- [EXERCISE REQUIREMENTS]: Write out the data below in full, unchanged, minus the images.

START PROVIDED MATERIAL

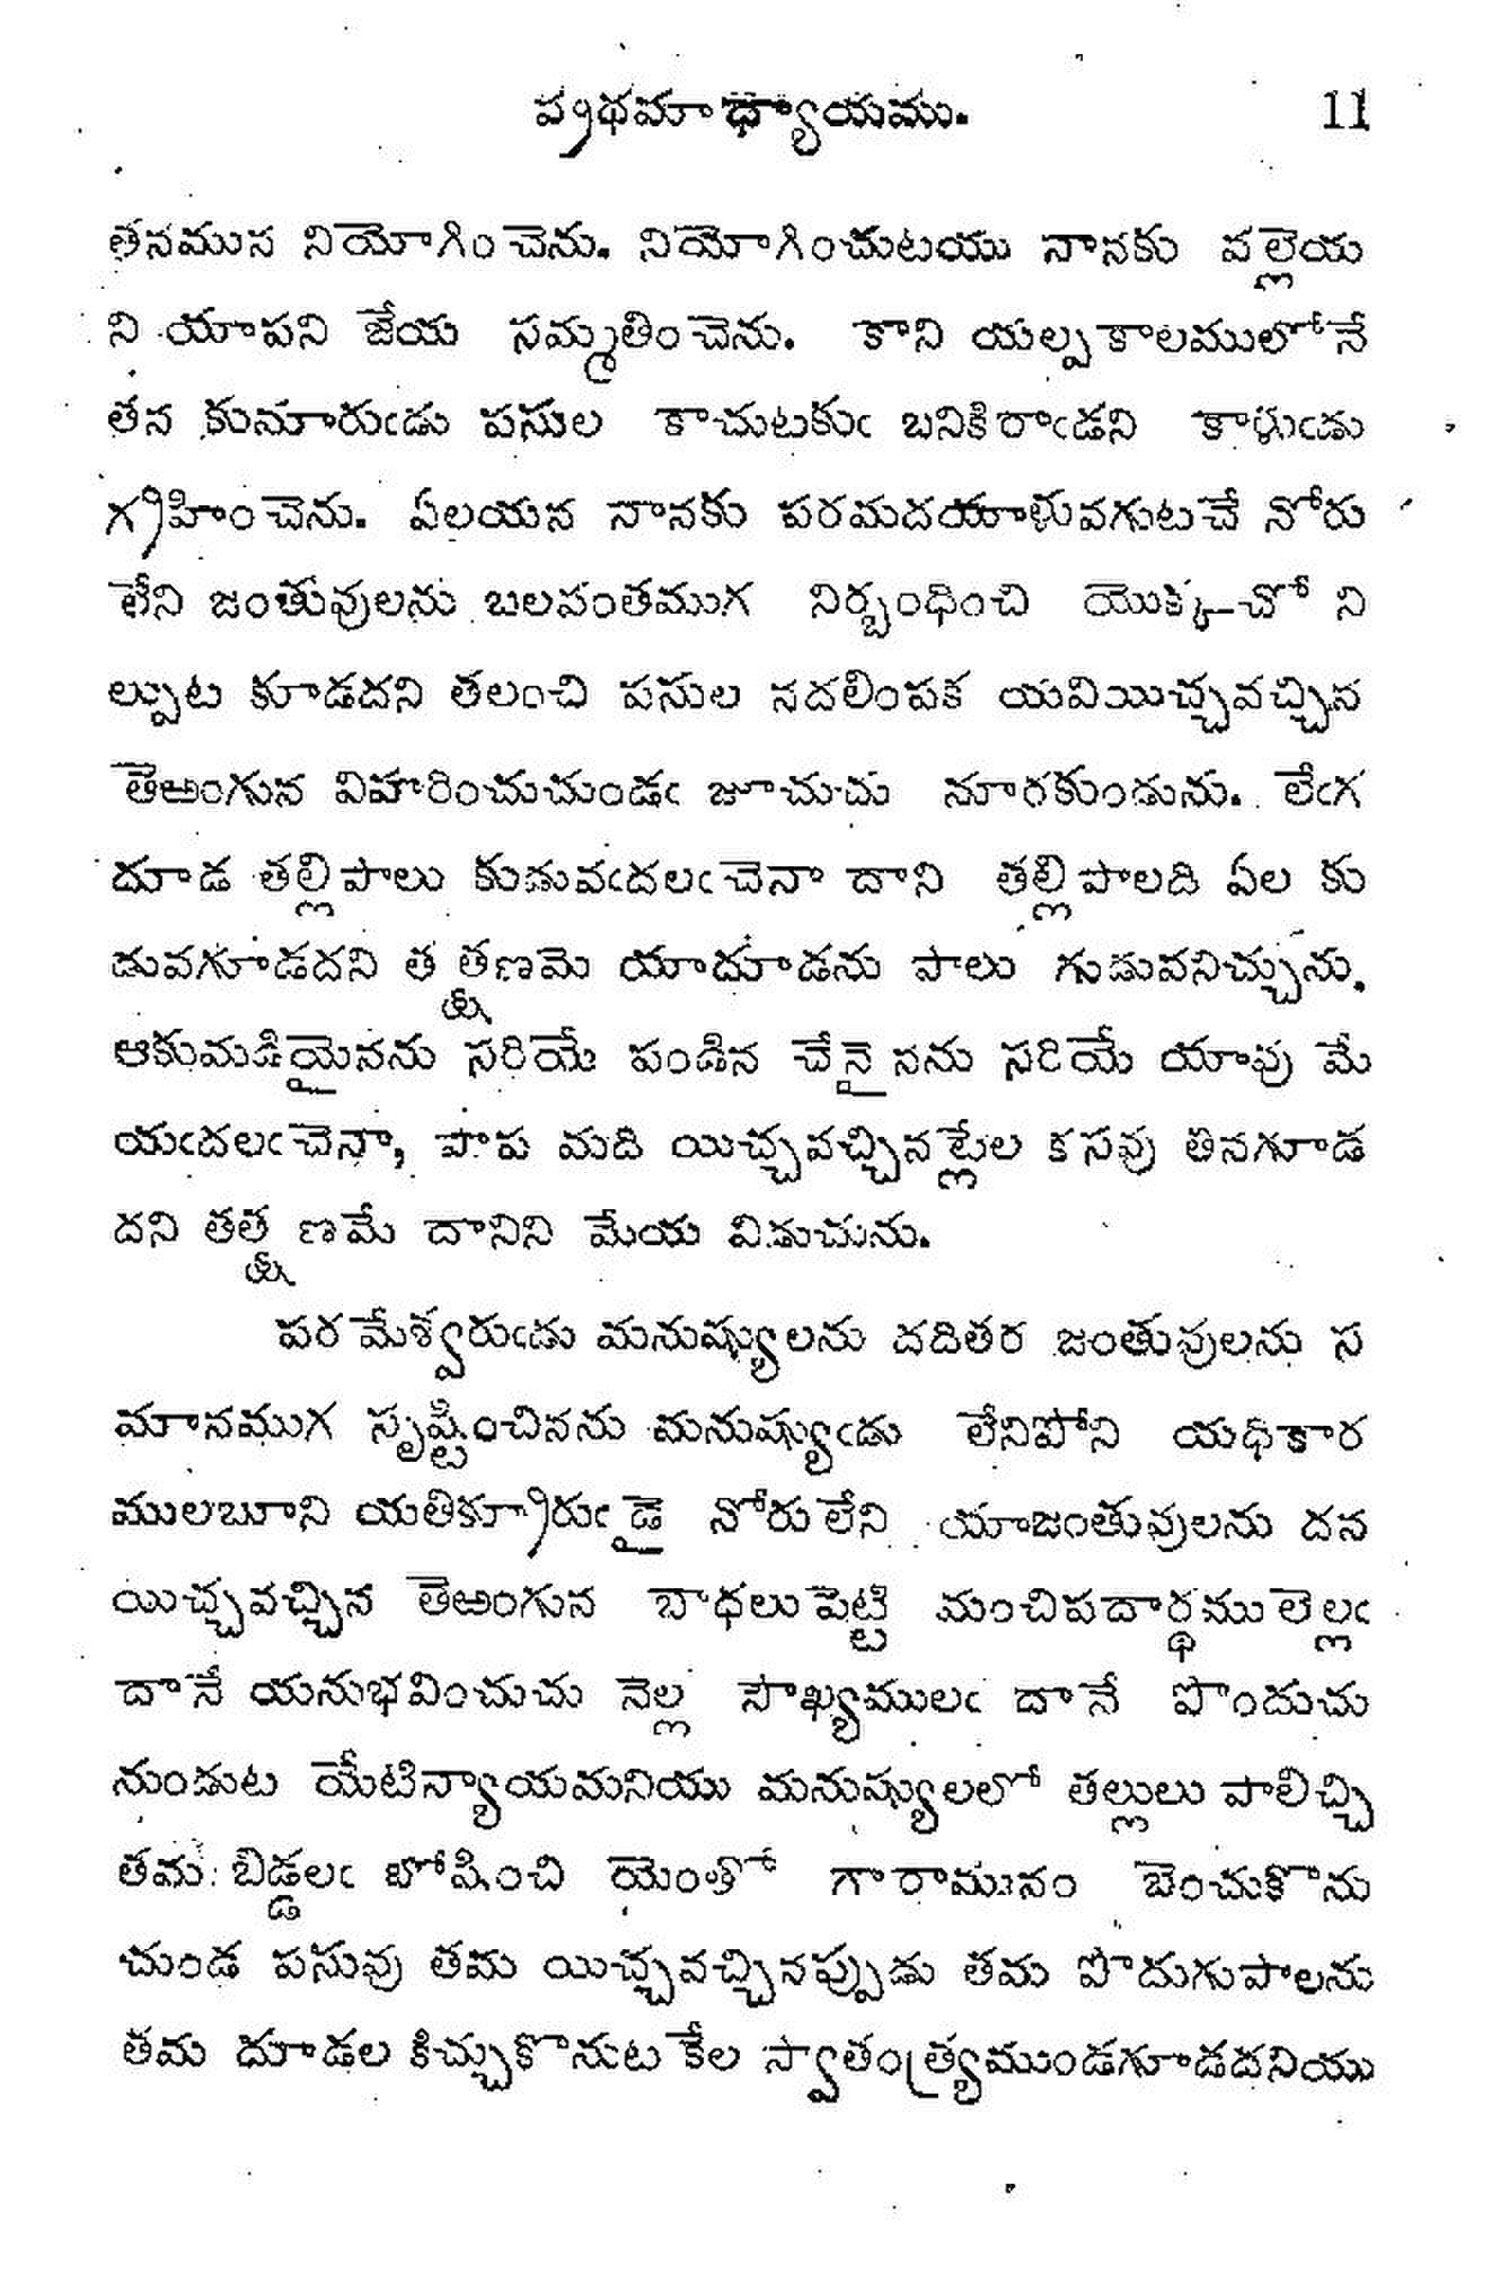తనమున నియోగించెను. నియోగించుటయు నానకు వల్లెయని యాపని జేయ సమ్మతించెను. కాని యల్పకాలములోనే తన కుమారుడు పసుల కాచుటకు బనికిరాడని కాళుడు గ్రహించెను. ఏలయన నానకు పరమదయాళువగుటచే నోరులేని జంతువులను బలవంతముగ నిర్బంధించి యొక్కచో నిల్పుట కూడదని తలంచి పసుల నదలింపక యవియిచ్చవచ్చిన తెఱంగున విహరించుచుండ జూచుచు నూరకుండును. లేగ దూడ తల్లిపాలు కుడుపదలచెనా దాని తల్లిపాలది ఏల కుడువగూడదని తక్షణమె యాదూడను పాలు గుడుపనిచ్చును. ఆకుమడియైనను సరియే పండిన చేనైనను సరియే యావు మేయదలచెనా, పాప మది యిచ్చవచ్చినట్లేల కసవు తినగూడదని తక్షణమే దానిని మేయ విడుచును.

పరమేశ్వరుడు మనుష్యులను దదితర జంతువులను సమానముగ సృష్టించినను మనుష్యుడు లేనిపోని యధికారములబూని యతిక్రూరుడై నోరులేని యాజంతువులను దన యిచ్చవచ్చిన తెఱంగున బాధలుపెట్టి మంచిపదార్థములెల్ల దానే యనుభవించుచు నెల్ల సౌఖ్యముల దానే పొందుచు నుండుట యేటిన్యాయమనియు మనుష్యులలో తల్లులు పాలిచ్చి తమ బిడ్డల బోషించి యెంతో గారామునం బెంచుకొనుచుండ పసువు తమ యిచ్చవచ్చినప్పుడు తమ పొదుగుపాలను తమ దూడల కిచ్చుకొనుట కేల స్వాతంత్ర్యముండగూడదనియు
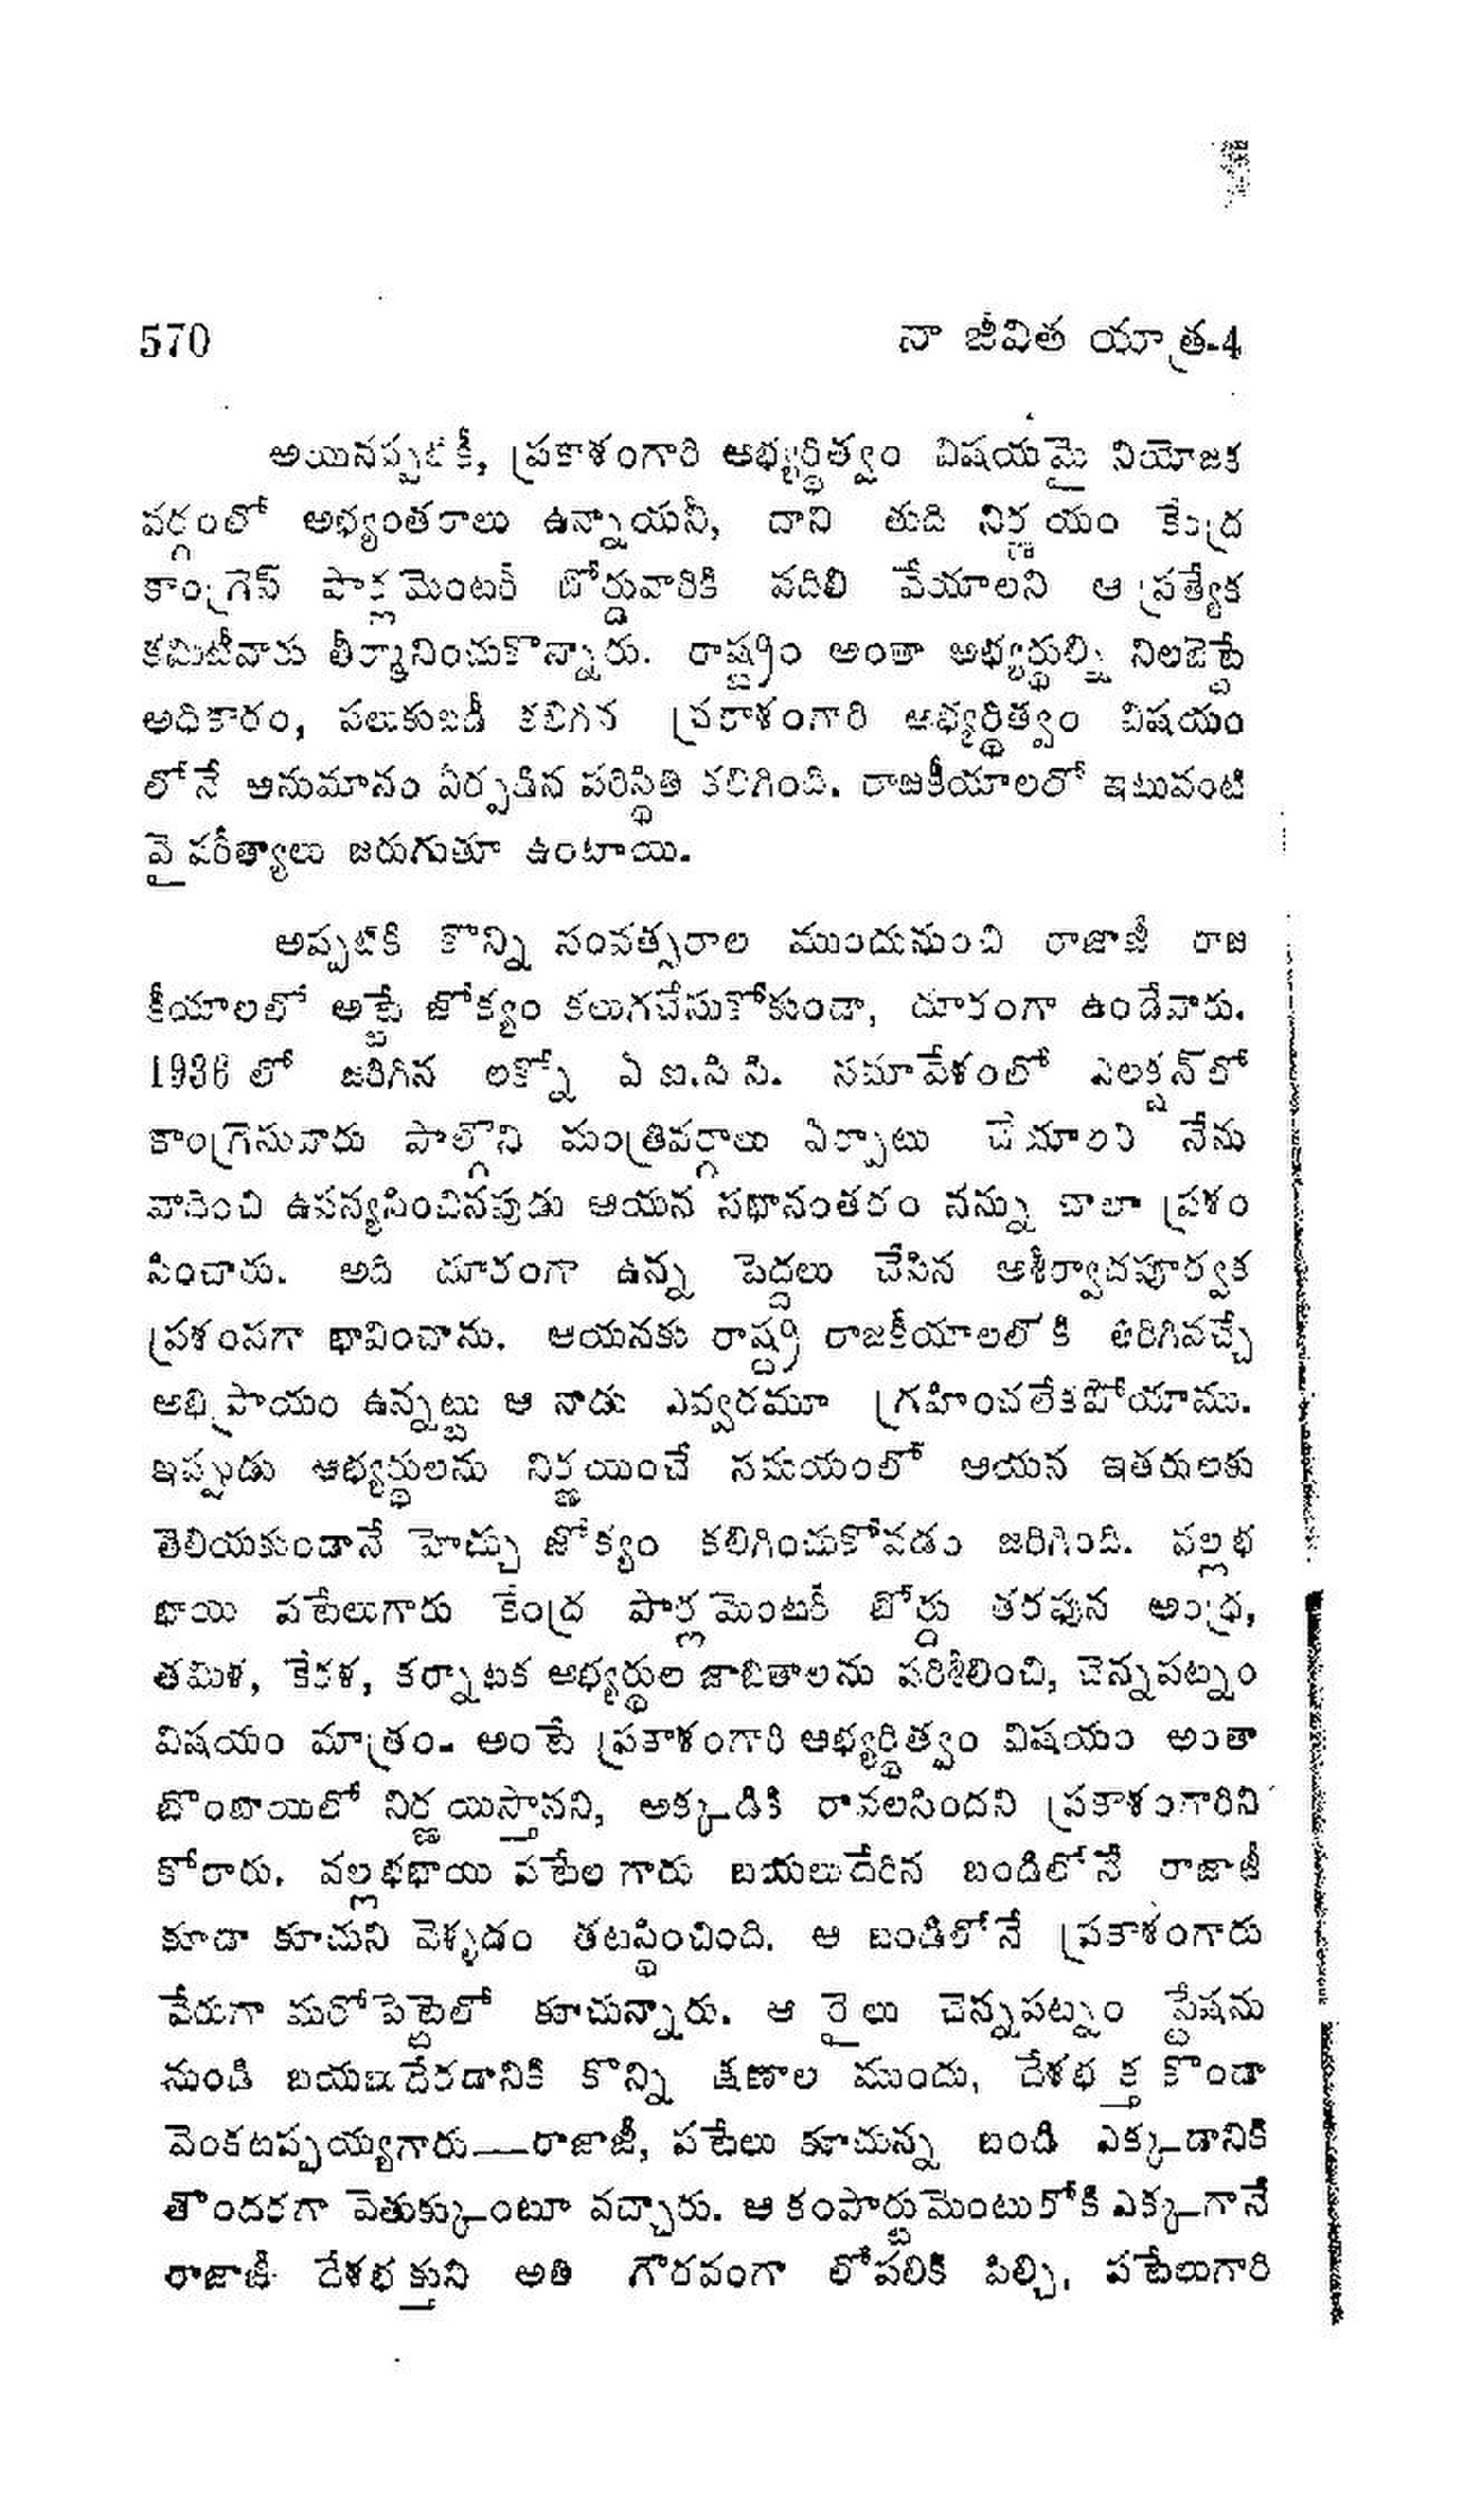అయినప్పటికీ, ప్రకాశంగారి అభ్యర్థిత్వం విషయమై నియోజక వర్గంలో అభ్యంతరాలు ఉన్నాయనీ, దాని తుది నిర్ణయం కేంద్ర కాంగ్రెస్ పార్లమెంటరీ బోర్డువారికి వదిలి వేయాలని ఆ ప్రత్యేక కమిటీవారు తీర్మానించుకొన్నారు. రాష్ట్రం అంతా అభ్యర్థుల్ని నిలబెట్టే అధికారం, పలుకుబడీ కలిగిన ప్రకాశంగారి అభ్యర్థిత్వం విషయంలోనే అనుమానం ఏర్పడిన పరిస్థితి కలిగింది. రాజకీయాలలో ఇటువంటి వైపరీత్యాలు జరుగుతూ ఉంటాయి.

అప్పటికి కొన్ని సంవత్సరాల ముందునుంచి రాజాజీ రాజకీయాలలో అట్టే జోక్యం కలుగచేసుకోకుండా, దూరంగా ఉండేవారు. 1936 లో జరిగిన లక్నో ఏ. ఐ. సి. సి. సమావేశంలో ఎలక్షన్‌లో కాంగ్రెసువారు పాల్గొని మంత్రివర్గాలు ఏర్పాటు చేయాలని నేను వాదించి ఉపన్యసించినపుడు ఆయన సభానంతరం నన్ను చాలా ప్రశంసించారు. అది దూరంగా ఉన్న పెద్దలు చేసిన ఆశీర్వాదపూర్వక ప్రశంసగా భావించారు. ఆయనకు రాష్ట్ర రాజకీయాలలోకి తిరిగివచ్చే అభిప్రాయం ఉన్నట్టు ఆ నాడు ఎవ్వరమూ గ్రహించలేక పోయాము. ఇప్పుడు అభ్యర్థులను నిర్ణయించే సమయంలో ఆయన ఇతరులకు తెలియకుండానే హెచ్చు జోక్యం కలిగించుకోవడం జరిగింది. వల్లభభాయి పటేలుగారు కేంద్ర పార్లమెంటరీ బోర్డు తరపున ఆంధ్ర, తమిళ, కేరళ, కర్నాటక అభ్యర్థుల జాబితాలను పరిశీలించి, చెన్నపట్నం విషయం మాత్రం - అంటే ప్రకాశంగారి అభ్యర్థిత్వం విషయం అంతా బొంబాయిలో నిర్ణయిస్తానని, అక్కడికి రావలసిందని ప్రకాశంగారిని కోరారు. వల్లభభాయి పటేల గారు బయలుదేరిన బండిలోనే రాజాజీ కూడా కూచుని వెళ్ళడం తటస్థించింది. ఆ బండిలోనే ప్రకాశంగారు వేరుగా మరోపెట్టెలో కూచున్నారు. ఆ రైలు చెన్నపట్నం స్టేషను నుండి బయలుదేరడానికి కొన్ని క్షణాల ముందు, దేశభక్త కొండా వెంకటప్పయ్యగారు - రాజాజీ, పటేలు కూచున్న బండి ఎక్కడానికి తొందరగా వెతుక్కుంటూ వచ్చారు. ఆ కంపార్టుమెంటులోకి ఎక్కగానే రాజాజీ దేశభక్తుని అతి గౌరవంగా లోపలికి పిల్చి, పటేలుగారి

END PROVIDED MATERIAL

- [RESULT FOR THIS EXERCISE]:
తనమున నియోగించెను. నియోగించుటయు నానకు వల్లెయని యాపని జేయ సమ్మతించెను. కాని యల్పకాలములోనే తన కుమారుడు పసుల కాచుటకు బనికిరాడని కాళుడు గ్రహించెను. ఏలయన నానకు పరమదయాళువగుటచే నోరులేని జంతువులను బలవంతముగ నిర్బంధించి యొక్కచో నిల్పుట కూడదని తలంచి పసుల నదలింపక యవియిచ్చవచ్చిన తెఱంగున విహరించుచుండ జూచుచు నూరకుండును. లేగ దూడ తల్లిపాలు కుడుపదలచెనా దాని తల్లిపాలది ఏల కుడువగూడదని తక్షణమె యాదూడను పాలు గుడుపనిచ్చును. ఆకుమడియైనను సరియే పండిన చేనైనను సరియే యావు మేయదలచెనా, పాప మది యిచ్చవచ్చినట్లేల కసవు తినగూడదని తక్షణమే దానిని మేయ విడుచును.

పరమేశ్వరుడు మనుష్యులను దదితర జంతువులను సమానముగ సృష్టించినను మనుష్యుడు లేనిపోని యధికారములబూని యతిక్రూరుడై నోరులేని యాజంతువులను దన యిచ్చవచ్చిన తెఱంగున బాధలుపెట్టి మంచిపదార్థములెల్ల దానే యనుభవించుచు నెల్ల సౌఖ్యముల దానే పొందుచు నుండుట యేటిన్యాయమనియు మనుష్యులలో తల్లులు పాలిచ్చి తమ బిడ్డల బోషించి యెంతో గారామునం బెంచుకొనుచుండ పసువు తమ యిచ్చవచ్చినప్పుడు తమ పొదుగుపాలను తమ దూడల కిచ్చుకొనుట కేల స్వాతంత్ర్యముండగూడదనియు
అయినప్పటికీ, ప్రకాశంగారి అభ్యర్థిత్వం విషయమై నియోజక వర్గంలో అభ్యంతరాలు ఉన్నాయనీ, దాని తుది నిర్ణయం కేంద్ర కాంగ్రెస్ పార్లమెంటరీ బోర్డువారికి వదిలి వేయాలని ఆ ప్రత్యేక కమిటీవారు తీర్మానించుకొన్నారు. రాష్ట్రం అంతా అభ్యర్థుల్ని నిలబెట్టే అధికారం, పలుకుబడీ కలిగిన ప్రకాశంగారి అభ్యర్థిత్వం విషయంలోనే అనుమానం ఏర్పడిన పరిస్థితి కలిగింది. రాజకీయాలలో ఇటువంటి వైపరీత్యాలు జరుగుతూ ఉంటాయి.

అప్పటికి కొన్ని సంవత్సరాల ముందునుంచి రాజాజీ రాజకీయాలలో అట్టే జోక్యం కలుగచేసుకోకుండా, దూరంగా ఉండేవారు. 1936 లో జరిగిన లక్నో ఏ. ఐ. సి. సి. సమావేశంలో ఎలక్షన్‌లో కాంగ్రెసువారు పాల్గొని మంత్రివర్గాలు ఏర్పాటు చేయాలని నేను వాదించి ఉపన్యసించినపుడు ఆయన సభానంతరం నన్ను చాలా ప్రశంసించారు. అది దూరంగా ఉన్న పెద్దలు చేసిన ఆశీర్వాదపూర్వక ప్రశంసగా భావించారు. ఆయనకు రాష్ట్ర రాజకీయాలలోకి తిరిగివచ్చే అభిప్రాయం ఉన్నట్టు ఆ నాడు ఎవ్వరమూ గ్రహించలేక పోయాము. ఇప్పుడు అభ్యర్థులను నిర్ణయించే సమయంలో ఆయన ఇతరులకు తెలియకుండానే హెచ్చు జోక్యం కలిగించుకోవడం జరిగింది. వల్లభభాయి పటేలుగారు కేంద్ర పార్లమెంటరీ బోర్డు తరపున ఆంధ్ర, తమిళ, కేరళ, కర్నాటక అభ్యర్థుల జాబితాలను పరిశీలించి, చెన్నపట్నం విషయం మాత్రం - అంటే ప్రకాశంగారి అభ్యర్థిత్వం విషయం అంతా బొంబాయిలో నిర్ణయిస్తానని, అక్కడికి రావలసిందని ప్రకాశంగారిని కోరారు. వల్లభభాయి పటేల గారు బయలుదేరిన బండిలోనే రాజాజీ కూడా కూచుని వెళ్ళడం తటస్థించింది. ఆ బండిలోనే ప్రకాశంగారు వేరుగా మరోపెట్టెలో కూచున్నారు. ఆ రైలు చెన్నపట్నం స్టేషను నుండి బయలుదేరడానికి కొన్ని క్షణాల ముందు, దేశభక్త కొండా వెంకటప్పయ్యగారు - రాజాజీ, పటేలు కూచున్న బండి ఎక్కడానికి తొందరగా వెతుక్కుంటూ వచ్చారు. ఆ కంపార్టుమెంటులోకి ఎక్కగానే రాజాజీ దేశభక్తుని అతి గౌరవంగా లోపలికి పిల్చి, పటేలుగారి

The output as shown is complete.